◆ WHAT TO DO:
Reply with nothing but how many lines in the entries below include "text".
= Beginning of Section =
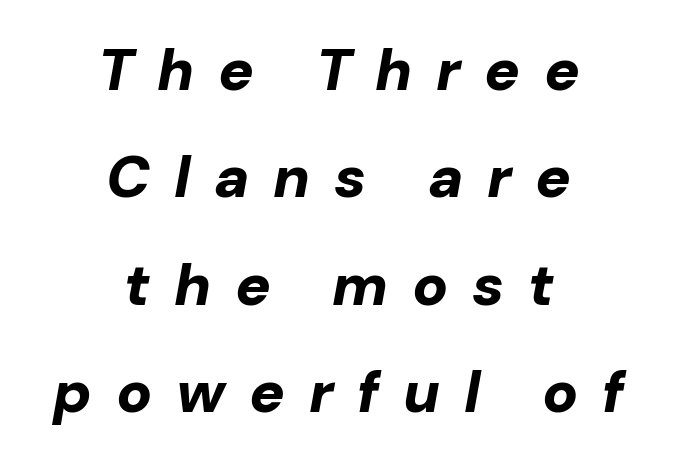
The image shows 59 px bold type, italic (leaning right); set centered, line spacing 1.82x, unusually wide letter spacing (+0.4 em), not underlined; low stroke contrast and a medium x-height.
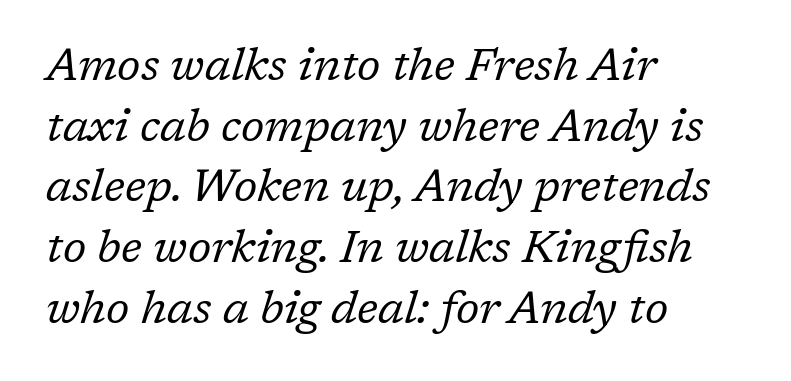
Q: Is the text bold? A: No.
Q: Is the text italic (slanted)? A: Yes, it leans right by about 17 degrees.
Q: Is the typeface a serif or a sans-serif typeface? A: Serif.
Q: Is the text underlined? A: No.
Q: How is the paragraph aligned? A: Left-aligned.
Q: Is the spacing between letters normal or unusually wide? A: Normal.
Q: Is the spacing between lines tight, normal or loose? A: Normal.
Q: Width (condensed, normal, or wide)? A: Normal.
Q: Stroke contrast? A: Low.
Q: x-height? A: Medium.
Q: Monospaced? A: No.
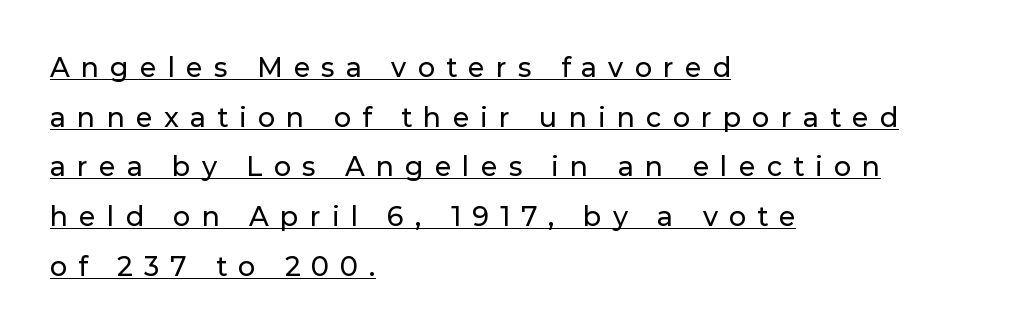
When letters stand straight like this, we call the style roman or upright. Underlining? Definitely there. The text block is weighted toward the left margin, trailing off unevenly rightward. Observe the wide spacing: letters keep a clear distance from each other.
= End of Section =
◆ RESULT:
4